In grouped (clustered) bar charts, for each categorical group there are two or more bars color-coded to represent a particular grouping. For example, a business owner with two stores might make a grouped bar chart with different colored bars to represent each store: the horizontal axis would show the months of the year and the vertical axis would show revenue.
Alternatively, a stacked bar chart stacks bars on top of each other so that the height of the resulting stack shows the combined result. Stacked bar charts are not suited to data sets having both positive and negative values.
Grouped bar charts usually present the information in the same order in each grouping. Stacked bar charts present the information in the same sequence on each bar.

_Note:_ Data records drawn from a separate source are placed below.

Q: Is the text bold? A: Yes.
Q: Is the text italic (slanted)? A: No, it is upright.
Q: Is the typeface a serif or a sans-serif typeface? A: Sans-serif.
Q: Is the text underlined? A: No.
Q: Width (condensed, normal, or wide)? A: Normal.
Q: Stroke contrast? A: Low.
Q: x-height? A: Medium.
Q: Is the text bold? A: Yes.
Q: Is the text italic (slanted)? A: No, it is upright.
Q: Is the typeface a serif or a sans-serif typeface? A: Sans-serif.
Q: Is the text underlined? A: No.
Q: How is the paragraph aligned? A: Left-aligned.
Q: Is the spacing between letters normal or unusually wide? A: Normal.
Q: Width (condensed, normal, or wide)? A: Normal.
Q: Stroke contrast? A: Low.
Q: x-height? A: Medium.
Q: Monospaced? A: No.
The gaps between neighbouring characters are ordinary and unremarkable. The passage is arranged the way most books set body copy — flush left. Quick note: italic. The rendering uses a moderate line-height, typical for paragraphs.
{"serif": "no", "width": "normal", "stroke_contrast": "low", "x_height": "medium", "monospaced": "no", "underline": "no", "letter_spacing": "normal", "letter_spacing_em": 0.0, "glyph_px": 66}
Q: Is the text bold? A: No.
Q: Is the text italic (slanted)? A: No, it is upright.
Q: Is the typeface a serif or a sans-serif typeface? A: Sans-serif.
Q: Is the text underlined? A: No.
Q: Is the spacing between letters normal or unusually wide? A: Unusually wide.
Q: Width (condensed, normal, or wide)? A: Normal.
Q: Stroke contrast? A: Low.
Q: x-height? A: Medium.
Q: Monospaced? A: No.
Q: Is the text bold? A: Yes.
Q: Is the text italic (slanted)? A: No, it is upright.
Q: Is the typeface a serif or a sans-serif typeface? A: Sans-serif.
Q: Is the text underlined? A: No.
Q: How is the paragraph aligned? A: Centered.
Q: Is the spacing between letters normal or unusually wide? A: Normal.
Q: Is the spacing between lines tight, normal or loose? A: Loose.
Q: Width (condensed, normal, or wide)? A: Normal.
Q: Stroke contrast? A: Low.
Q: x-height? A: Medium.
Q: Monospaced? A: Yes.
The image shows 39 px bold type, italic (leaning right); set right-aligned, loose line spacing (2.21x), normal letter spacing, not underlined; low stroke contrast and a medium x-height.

A vertical stacked bar chart with positive values
A vertical stacked bar chart with negative values
A horizontal stacked bar chart
A vertical, grouped (clustered) 3D bar chart
Histogram
A histogram is an approximate representation of the distribution of numerical data. It was first introduced by Karl Pearson. To construct a histogram, the first step is to "bin" (or "bucket") the range of values—that is, divide the entire range of values into a series of intervals—and then count how many values fall into each interval. The bins are usually specified as consecutive, non-overlapping intervals of a variable. The bins (intervals) must be adjacent and are often (but not required to be) of equal size.
If the bins are of equal size, a rectangle is erected over the bin with height proportional to the frequency—the number of cases in each bin. A histogram may also be normalized to display "relative" frequencies. It then shows the proportion of cases that fall into each of several categories, with the sum of the heights equaling 1.
However, bins need not be of equal width; in that case, the erected rectangle is defined to have its area proportional to the frequency of cases in the bin. The vertical axis is then not the frequency but frequency density—the number of cases per unit of the variable on the horizontal axis. Examples of variable bin width are displayed on Census bureau data below.
As the adjacent bins leave no gaps, the rectangles of a histogram touch each other to indicate that the original variable is continuous.
Histograms give a rough sense of the density of the underlying distribution of the data, and often for density estimation: estimating the probability density function of the underlying variable. The total area of a histogram used for probability density is always normalized to 1. If the length of the intervals on the x-axis are all 1, then a histogram is identical to a relative frequency plot.
A histogram can be thought of as a simplistic kernel density estimation, which uses a kernel to smooth frequencies over the bins. This yields a smoother probability density function, which will in general more accurately reflect distribution of the underlying variable. The density estimate could be plotted as an alternative to the histogram, and is usually drawn as a curve rather than a set of boxes. Histograms are nevertheless preferred in applications, when their statistical properties need to be modeled. The correlated variation of a kernel density estimate is very difficult to describe mathematically, while it is simple for a histogram where each bin varies independently.
An alternative to kernel density estimation is the average shifted histogram, which is fast to compute and gives a smooth curve estimate of the density without using kernels.
The histogram is one of the seven basic tools of quality control.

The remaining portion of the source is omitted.